Yes and no [Design Issues]

posted by Helmut Homepage – Vienna, Austria, 2013-07-03 15:32 (4746 d 08:23 ago) – Posting: # 10927
Views: 3,380

Dear Rana,

❝ Does US FDA accepts two groups seperated by time period in parallel design i.e, if study is planned with a sample size of 120 subjects in parallel design, initially study was planned with 60 subjects (group-1) and after one month gap study was planned with 60 subjects (group-2)?.

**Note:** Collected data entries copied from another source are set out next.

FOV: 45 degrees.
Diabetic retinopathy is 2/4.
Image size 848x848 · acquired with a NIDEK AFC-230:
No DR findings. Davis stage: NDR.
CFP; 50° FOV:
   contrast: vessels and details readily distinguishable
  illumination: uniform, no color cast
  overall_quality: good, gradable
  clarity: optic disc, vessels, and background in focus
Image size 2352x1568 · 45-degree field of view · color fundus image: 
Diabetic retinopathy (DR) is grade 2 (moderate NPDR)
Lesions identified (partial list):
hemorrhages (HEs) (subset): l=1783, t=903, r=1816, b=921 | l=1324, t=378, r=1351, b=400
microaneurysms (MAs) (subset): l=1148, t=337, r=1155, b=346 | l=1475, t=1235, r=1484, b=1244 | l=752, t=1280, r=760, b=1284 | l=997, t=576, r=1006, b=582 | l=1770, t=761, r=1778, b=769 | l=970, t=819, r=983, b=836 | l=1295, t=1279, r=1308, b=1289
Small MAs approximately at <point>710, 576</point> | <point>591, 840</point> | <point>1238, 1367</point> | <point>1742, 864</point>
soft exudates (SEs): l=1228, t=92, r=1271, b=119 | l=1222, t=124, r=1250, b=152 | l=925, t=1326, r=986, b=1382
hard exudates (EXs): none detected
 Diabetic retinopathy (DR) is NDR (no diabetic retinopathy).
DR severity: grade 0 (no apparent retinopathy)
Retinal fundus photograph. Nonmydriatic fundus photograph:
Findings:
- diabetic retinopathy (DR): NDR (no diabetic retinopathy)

I don’t know whether I understand you correctly. What do you mean by “planned”? It should be no problem to perform the study in two groups (e.g., for logistic reasons – limited capacity of the clinical site). That would mean planning for 120.
If you already performed the study in 60 subjects, evaluate for BE (which failed), and then want to add another group of 60 you are in trouble. That would be an unplanned sequential design. No way – since the patient’s risk will be inflated. See also FDA’s guidance p9 (“Additional subjects should not be included after data analysis unless the trial was designed from the beginning as a sequential or group sequential design.”) and p13 (“A sequential design, in which the decision to study a second group of subjects is based on the results from the first group, calls for different statistical methods and is outside the scope of this guidance. Those wishing to use a sequential design should consult the appropriate CDER review division.”).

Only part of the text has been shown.